◆ Work item ◆
Beneath this task are records; tally the lines in them that contain "path" and report only the number.

◆ Records for the exercise ◆
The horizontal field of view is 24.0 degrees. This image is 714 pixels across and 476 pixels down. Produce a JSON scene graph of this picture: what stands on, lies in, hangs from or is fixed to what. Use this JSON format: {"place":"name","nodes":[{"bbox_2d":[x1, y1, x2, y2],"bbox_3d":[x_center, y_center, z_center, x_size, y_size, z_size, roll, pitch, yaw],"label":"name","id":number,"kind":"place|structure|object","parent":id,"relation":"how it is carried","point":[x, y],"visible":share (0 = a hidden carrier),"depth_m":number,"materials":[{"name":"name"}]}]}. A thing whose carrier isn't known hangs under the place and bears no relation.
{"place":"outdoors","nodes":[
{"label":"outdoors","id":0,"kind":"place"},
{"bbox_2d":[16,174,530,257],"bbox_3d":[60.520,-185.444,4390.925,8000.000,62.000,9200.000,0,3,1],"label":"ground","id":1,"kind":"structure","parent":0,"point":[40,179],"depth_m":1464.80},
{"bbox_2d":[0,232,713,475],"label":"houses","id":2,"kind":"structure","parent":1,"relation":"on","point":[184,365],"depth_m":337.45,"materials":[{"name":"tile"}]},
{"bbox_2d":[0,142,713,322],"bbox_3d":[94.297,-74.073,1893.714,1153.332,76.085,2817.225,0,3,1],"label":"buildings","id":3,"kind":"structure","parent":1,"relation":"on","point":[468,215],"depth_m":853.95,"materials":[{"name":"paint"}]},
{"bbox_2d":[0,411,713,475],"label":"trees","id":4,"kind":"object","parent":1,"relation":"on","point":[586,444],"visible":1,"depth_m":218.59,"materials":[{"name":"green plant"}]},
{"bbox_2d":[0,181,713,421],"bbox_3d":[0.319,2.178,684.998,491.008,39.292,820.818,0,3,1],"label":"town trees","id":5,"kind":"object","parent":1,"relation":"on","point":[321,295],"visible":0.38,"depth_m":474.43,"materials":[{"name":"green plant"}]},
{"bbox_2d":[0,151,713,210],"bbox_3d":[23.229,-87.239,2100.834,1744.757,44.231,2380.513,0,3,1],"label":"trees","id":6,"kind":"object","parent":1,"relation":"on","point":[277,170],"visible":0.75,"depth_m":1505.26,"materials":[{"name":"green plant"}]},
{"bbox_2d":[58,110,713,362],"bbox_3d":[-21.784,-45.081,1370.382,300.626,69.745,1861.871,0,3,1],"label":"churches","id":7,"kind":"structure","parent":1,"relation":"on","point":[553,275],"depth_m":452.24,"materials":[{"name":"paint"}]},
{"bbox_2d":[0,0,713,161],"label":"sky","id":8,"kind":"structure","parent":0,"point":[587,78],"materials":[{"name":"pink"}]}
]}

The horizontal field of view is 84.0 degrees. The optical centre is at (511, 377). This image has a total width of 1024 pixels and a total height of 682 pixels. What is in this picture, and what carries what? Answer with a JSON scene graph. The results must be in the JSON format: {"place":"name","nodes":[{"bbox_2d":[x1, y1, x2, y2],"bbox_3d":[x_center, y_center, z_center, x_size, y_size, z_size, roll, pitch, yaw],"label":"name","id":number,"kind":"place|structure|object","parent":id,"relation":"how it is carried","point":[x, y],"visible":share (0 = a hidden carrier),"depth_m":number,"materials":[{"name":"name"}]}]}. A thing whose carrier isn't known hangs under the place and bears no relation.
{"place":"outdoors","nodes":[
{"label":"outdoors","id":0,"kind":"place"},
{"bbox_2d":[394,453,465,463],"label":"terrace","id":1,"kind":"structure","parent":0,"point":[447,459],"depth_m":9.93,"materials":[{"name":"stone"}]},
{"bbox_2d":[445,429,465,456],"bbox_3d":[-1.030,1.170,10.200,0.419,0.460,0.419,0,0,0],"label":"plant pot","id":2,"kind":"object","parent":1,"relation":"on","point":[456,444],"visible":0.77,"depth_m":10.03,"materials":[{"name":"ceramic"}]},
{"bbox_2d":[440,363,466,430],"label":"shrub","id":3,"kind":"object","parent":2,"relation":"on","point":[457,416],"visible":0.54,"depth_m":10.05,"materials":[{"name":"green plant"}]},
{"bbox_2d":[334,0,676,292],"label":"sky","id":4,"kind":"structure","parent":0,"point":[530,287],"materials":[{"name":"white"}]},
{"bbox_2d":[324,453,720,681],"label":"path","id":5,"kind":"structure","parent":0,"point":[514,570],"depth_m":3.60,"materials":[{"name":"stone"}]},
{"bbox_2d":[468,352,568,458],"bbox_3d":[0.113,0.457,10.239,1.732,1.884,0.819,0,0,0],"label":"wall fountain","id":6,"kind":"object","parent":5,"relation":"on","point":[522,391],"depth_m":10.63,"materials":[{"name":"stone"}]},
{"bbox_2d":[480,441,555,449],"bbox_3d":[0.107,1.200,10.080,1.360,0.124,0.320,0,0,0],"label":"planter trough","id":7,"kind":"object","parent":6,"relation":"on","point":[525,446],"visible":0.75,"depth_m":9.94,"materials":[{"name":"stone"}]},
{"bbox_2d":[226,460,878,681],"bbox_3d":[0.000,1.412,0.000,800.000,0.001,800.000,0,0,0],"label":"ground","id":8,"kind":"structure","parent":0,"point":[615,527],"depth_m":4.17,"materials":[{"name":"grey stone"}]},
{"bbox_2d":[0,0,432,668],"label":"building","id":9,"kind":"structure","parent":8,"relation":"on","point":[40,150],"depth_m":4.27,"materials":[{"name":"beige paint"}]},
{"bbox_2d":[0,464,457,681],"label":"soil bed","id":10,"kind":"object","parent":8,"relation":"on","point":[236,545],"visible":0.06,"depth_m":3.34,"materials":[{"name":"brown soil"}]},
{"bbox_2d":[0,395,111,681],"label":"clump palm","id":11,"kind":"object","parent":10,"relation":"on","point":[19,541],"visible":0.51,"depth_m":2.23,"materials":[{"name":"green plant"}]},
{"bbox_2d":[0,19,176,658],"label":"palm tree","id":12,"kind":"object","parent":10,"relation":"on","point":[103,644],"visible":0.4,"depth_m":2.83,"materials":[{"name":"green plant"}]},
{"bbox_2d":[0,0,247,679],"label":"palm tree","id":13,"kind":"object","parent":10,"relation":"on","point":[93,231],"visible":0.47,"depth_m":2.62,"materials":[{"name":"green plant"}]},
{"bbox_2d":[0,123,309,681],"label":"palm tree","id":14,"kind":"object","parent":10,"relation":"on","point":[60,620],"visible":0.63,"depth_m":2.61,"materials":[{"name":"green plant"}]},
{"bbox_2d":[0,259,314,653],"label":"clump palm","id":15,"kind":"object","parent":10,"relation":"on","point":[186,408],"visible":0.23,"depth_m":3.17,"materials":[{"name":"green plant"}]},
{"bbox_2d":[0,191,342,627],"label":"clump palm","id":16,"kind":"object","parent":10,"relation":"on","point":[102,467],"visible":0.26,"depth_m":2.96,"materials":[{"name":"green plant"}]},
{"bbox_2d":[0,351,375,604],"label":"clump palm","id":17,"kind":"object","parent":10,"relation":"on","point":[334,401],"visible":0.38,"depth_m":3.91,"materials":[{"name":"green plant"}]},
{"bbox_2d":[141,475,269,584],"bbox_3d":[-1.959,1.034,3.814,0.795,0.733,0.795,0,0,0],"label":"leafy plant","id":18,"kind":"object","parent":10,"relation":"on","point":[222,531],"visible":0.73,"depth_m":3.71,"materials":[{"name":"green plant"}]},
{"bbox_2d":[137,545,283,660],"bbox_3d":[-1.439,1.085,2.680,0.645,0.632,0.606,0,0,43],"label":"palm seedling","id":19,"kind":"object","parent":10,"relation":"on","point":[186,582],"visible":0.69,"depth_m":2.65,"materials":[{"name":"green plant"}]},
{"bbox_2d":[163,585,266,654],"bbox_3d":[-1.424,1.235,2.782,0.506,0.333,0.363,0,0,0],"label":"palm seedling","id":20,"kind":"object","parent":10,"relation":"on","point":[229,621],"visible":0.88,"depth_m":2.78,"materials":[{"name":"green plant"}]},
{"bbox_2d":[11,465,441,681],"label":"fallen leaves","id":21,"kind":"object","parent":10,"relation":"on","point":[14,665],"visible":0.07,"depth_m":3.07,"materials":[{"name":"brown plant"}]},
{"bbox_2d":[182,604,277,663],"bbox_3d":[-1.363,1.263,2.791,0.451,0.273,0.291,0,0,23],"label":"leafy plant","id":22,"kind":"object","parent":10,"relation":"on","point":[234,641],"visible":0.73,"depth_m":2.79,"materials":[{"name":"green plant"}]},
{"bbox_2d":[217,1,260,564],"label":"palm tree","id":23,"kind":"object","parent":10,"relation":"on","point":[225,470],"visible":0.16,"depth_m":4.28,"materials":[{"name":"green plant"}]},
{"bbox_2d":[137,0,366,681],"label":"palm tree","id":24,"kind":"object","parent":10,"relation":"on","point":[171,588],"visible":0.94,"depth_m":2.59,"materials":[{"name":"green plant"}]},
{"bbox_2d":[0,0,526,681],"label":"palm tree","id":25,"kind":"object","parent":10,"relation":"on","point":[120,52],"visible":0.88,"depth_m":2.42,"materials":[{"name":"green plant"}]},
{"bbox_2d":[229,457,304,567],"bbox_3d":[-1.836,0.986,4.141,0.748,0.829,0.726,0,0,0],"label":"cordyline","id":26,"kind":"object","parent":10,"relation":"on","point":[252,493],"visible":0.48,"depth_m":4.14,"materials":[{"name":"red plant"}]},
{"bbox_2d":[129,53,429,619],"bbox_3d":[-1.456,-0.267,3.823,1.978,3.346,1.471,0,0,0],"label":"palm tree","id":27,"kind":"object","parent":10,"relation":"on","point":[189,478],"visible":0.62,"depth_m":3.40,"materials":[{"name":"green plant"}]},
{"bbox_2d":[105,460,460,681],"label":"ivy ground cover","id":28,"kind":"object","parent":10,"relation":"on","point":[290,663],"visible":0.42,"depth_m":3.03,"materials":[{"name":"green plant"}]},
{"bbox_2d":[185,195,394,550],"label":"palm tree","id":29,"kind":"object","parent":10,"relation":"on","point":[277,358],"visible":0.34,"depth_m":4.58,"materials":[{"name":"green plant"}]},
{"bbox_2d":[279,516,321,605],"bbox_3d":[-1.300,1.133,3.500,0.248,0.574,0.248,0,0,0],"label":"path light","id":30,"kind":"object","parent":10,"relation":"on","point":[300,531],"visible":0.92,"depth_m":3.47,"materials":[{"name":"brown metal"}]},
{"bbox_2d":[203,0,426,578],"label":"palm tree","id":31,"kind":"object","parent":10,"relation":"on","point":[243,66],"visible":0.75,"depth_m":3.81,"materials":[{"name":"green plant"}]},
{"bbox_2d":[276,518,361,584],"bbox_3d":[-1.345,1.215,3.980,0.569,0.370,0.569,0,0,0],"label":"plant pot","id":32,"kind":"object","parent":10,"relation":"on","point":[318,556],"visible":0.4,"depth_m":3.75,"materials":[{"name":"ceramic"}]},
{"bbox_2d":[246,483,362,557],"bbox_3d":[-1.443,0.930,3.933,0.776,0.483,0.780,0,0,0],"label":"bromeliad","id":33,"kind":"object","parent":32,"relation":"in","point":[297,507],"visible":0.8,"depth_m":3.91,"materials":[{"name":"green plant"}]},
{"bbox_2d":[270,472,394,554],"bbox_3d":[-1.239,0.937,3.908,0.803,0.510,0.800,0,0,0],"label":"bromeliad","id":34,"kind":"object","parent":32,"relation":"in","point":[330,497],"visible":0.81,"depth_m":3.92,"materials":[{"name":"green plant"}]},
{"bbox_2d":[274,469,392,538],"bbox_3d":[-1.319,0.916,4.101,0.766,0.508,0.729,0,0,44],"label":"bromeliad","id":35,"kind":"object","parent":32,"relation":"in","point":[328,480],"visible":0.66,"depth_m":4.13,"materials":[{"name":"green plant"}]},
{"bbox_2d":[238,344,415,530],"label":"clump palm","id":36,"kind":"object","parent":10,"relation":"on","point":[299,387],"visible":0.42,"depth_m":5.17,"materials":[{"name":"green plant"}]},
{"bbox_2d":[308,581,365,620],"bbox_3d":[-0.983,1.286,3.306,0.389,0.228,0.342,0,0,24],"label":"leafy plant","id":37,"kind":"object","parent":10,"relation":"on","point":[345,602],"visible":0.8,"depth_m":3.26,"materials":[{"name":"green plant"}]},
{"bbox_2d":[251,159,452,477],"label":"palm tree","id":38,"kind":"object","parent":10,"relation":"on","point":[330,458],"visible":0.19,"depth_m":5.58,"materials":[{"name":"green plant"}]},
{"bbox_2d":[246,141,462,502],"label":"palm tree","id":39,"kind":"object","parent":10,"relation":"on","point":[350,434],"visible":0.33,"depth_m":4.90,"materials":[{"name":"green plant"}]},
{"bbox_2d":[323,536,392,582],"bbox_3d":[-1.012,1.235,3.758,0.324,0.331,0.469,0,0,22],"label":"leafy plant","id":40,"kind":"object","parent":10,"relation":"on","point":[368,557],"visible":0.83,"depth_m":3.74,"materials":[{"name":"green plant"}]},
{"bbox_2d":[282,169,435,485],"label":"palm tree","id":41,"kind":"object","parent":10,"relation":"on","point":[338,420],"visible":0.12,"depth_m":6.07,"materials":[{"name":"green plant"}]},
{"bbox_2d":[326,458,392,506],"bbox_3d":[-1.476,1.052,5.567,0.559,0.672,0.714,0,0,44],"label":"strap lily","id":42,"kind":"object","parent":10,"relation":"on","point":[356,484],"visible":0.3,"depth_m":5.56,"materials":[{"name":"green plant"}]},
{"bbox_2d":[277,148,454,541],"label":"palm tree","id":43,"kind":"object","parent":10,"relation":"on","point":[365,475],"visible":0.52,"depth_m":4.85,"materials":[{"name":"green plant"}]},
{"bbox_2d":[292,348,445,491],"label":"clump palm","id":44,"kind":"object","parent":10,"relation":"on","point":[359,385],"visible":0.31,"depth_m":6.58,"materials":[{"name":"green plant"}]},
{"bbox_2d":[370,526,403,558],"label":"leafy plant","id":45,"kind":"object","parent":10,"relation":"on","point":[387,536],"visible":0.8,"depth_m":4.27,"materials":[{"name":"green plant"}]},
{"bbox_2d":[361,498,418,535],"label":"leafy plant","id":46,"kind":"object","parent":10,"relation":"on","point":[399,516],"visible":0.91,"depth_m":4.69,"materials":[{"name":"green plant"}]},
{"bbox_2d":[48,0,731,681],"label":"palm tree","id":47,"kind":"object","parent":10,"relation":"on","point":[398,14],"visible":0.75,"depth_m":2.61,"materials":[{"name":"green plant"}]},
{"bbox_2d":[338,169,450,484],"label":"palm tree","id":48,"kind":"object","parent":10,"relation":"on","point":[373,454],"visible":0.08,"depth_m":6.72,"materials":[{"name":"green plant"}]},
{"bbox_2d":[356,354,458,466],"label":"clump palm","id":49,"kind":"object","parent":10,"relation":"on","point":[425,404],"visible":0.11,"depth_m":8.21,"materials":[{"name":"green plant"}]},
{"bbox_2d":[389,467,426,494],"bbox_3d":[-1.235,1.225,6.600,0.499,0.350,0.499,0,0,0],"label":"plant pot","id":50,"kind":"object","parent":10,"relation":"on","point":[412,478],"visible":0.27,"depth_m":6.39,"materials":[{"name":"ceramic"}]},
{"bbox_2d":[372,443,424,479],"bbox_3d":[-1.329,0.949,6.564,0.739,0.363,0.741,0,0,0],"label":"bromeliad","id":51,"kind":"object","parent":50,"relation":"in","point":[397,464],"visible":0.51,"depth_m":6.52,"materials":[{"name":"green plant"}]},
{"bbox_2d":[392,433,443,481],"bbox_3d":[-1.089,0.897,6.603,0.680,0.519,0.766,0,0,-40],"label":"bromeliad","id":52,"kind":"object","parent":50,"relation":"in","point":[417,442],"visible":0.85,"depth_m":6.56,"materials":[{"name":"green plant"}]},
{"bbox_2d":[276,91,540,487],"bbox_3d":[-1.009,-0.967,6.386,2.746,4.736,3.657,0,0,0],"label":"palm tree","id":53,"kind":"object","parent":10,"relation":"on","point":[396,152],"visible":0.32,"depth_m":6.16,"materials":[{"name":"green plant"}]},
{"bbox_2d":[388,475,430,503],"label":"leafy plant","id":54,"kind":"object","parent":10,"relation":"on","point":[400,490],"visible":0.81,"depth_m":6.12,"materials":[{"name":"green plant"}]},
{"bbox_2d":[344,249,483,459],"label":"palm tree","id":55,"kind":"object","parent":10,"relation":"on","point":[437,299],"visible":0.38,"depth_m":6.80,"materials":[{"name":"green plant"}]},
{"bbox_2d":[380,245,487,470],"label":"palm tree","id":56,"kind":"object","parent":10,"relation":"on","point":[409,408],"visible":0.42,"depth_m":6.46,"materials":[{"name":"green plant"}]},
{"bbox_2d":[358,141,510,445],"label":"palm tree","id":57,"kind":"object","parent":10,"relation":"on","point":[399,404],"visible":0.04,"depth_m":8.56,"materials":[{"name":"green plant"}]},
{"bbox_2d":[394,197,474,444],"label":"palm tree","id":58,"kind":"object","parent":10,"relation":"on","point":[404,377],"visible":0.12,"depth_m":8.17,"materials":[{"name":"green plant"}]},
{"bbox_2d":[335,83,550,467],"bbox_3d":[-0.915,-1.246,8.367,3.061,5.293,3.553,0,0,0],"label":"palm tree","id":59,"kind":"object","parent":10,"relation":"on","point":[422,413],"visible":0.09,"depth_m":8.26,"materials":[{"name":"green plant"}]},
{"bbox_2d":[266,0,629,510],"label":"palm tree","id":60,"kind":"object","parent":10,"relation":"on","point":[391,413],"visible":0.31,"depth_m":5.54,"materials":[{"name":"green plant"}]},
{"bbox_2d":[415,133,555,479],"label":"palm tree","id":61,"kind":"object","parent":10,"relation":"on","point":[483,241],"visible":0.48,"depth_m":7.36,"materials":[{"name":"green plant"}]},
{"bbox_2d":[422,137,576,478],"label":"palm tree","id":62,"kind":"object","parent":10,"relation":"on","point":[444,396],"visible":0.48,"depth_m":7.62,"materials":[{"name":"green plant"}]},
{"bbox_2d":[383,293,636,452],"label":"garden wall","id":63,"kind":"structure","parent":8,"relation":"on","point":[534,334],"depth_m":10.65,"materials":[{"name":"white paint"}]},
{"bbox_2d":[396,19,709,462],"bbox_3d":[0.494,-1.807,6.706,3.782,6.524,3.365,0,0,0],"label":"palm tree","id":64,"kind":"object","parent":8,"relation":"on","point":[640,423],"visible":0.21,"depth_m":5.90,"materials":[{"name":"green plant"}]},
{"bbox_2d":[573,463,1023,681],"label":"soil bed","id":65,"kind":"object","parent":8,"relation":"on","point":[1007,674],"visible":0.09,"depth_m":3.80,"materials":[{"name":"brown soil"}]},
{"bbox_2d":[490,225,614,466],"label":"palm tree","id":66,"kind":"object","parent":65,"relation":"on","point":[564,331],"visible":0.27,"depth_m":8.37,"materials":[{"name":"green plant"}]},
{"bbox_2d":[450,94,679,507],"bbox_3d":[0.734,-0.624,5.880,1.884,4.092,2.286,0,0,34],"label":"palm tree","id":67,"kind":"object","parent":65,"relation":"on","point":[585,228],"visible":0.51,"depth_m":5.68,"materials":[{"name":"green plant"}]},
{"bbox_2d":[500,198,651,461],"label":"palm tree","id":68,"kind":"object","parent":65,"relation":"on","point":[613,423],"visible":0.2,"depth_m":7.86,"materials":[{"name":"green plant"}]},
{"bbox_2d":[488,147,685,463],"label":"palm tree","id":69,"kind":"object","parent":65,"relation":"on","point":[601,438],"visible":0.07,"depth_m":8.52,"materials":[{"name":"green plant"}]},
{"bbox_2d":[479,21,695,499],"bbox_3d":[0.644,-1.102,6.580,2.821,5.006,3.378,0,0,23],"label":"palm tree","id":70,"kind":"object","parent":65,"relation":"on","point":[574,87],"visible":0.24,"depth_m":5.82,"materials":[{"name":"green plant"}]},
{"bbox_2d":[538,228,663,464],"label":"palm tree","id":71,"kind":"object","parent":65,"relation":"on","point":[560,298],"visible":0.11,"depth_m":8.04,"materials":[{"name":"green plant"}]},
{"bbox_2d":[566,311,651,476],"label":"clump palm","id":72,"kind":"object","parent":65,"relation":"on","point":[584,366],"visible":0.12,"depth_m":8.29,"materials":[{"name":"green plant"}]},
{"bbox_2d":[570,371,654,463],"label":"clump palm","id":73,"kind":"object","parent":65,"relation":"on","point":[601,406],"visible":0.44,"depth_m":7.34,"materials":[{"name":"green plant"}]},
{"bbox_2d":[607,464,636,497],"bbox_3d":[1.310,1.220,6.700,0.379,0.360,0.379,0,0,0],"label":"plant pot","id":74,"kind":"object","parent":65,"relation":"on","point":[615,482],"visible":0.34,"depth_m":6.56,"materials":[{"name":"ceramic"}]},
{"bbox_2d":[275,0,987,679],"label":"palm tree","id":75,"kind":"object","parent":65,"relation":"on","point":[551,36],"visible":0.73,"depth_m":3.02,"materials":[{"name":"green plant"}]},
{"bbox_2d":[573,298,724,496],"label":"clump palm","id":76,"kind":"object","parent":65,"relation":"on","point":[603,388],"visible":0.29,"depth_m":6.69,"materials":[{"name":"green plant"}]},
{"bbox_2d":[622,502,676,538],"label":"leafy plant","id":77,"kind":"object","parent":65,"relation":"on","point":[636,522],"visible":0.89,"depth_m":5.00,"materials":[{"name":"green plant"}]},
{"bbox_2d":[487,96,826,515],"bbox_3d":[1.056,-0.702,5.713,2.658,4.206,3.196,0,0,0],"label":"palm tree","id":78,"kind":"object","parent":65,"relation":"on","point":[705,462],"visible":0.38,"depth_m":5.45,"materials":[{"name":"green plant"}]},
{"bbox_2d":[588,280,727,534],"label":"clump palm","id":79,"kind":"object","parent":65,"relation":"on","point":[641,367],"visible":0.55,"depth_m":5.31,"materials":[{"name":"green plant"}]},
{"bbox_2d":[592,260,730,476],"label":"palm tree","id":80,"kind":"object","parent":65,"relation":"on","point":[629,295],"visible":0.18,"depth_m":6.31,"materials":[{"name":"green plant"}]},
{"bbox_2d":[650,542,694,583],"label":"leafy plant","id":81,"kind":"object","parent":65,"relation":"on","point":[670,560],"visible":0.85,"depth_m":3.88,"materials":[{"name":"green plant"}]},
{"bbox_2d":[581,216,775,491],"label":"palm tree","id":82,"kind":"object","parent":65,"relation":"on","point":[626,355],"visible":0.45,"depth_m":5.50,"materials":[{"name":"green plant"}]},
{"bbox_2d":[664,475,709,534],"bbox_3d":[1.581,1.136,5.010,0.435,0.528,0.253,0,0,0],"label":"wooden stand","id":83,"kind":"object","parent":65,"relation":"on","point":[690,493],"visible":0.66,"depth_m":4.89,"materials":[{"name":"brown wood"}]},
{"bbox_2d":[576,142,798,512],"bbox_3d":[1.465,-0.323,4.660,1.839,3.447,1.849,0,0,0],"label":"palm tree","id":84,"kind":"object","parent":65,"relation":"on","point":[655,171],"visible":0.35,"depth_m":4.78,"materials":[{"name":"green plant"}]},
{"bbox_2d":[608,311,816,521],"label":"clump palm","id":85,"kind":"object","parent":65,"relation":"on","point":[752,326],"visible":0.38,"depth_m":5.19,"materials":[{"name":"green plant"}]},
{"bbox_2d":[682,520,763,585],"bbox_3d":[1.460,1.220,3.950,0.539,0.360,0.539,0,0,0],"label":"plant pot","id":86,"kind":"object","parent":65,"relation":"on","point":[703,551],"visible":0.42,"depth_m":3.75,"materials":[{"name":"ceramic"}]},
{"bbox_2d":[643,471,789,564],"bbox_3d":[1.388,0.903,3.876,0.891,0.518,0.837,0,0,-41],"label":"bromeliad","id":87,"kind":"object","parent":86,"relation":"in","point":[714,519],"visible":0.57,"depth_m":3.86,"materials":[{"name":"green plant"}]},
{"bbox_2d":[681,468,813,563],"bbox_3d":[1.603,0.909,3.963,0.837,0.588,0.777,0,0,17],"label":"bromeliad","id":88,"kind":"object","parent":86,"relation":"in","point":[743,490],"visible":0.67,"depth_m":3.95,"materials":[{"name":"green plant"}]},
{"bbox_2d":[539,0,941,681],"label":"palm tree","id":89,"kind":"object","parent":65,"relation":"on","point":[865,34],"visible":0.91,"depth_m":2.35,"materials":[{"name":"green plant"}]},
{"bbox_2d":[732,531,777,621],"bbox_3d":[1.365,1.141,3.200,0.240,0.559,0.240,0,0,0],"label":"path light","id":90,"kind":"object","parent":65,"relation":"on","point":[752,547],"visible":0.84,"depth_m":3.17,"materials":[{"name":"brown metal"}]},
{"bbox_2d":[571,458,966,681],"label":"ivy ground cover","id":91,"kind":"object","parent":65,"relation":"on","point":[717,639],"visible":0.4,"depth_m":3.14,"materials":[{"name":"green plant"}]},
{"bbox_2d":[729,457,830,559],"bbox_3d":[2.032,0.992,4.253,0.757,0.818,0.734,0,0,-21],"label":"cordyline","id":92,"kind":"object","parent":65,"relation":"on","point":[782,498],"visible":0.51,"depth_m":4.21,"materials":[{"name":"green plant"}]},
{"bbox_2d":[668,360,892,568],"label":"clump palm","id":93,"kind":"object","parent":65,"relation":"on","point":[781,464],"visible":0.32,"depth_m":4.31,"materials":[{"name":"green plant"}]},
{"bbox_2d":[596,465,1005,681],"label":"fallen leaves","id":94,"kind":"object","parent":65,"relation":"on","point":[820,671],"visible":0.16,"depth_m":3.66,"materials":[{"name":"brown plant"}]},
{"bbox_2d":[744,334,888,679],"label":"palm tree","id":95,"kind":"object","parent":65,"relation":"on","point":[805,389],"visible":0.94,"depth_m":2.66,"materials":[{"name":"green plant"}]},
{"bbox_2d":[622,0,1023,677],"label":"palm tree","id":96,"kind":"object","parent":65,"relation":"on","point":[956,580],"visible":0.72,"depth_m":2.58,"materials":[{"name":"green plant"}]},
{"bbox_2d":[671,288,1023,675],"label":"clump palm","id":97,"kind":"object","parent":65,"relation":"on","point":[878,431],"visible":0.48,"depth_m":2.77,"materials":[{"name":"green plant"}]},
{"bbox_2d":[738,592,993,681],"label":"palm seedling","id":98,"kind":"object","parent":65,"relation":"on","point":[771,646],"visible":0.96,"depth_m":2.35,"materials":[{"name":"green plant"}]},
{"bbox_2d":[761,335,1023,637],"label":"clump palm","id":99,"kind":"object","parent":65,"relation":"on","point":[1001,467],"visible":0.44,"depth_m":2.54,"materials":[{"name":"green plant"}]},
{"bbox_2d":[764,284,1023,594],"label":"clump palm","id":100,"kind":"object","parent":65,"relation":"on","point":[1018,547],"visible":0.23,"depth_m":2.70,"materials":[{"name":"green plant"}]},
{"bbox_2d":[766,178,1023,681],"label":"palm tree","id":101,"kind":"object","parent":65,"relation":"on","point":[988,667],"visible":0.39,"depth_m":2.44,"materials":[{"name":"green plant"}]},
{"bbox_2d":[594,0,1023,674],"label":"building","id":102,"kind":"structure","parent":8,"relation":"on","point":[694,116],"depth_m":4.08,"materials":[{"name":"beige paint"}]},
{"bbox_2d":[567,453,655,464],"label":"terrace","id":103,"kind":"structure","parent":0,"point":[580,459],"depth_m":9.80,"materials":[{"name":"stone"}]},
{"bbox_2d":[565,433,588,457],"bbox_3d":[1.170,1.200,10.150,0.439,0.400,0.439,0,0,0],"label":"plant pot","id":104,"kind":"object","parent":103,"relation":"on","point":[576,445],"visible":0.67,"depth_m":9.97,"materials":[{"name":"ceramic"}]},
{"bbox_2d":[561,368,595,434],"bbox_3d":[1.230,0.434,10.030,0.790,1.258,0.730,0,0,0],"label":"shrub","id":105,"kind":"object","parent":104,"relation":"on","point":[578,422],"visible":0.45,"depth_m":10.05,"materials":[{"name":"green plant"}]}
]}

◆ Answer box ◆
3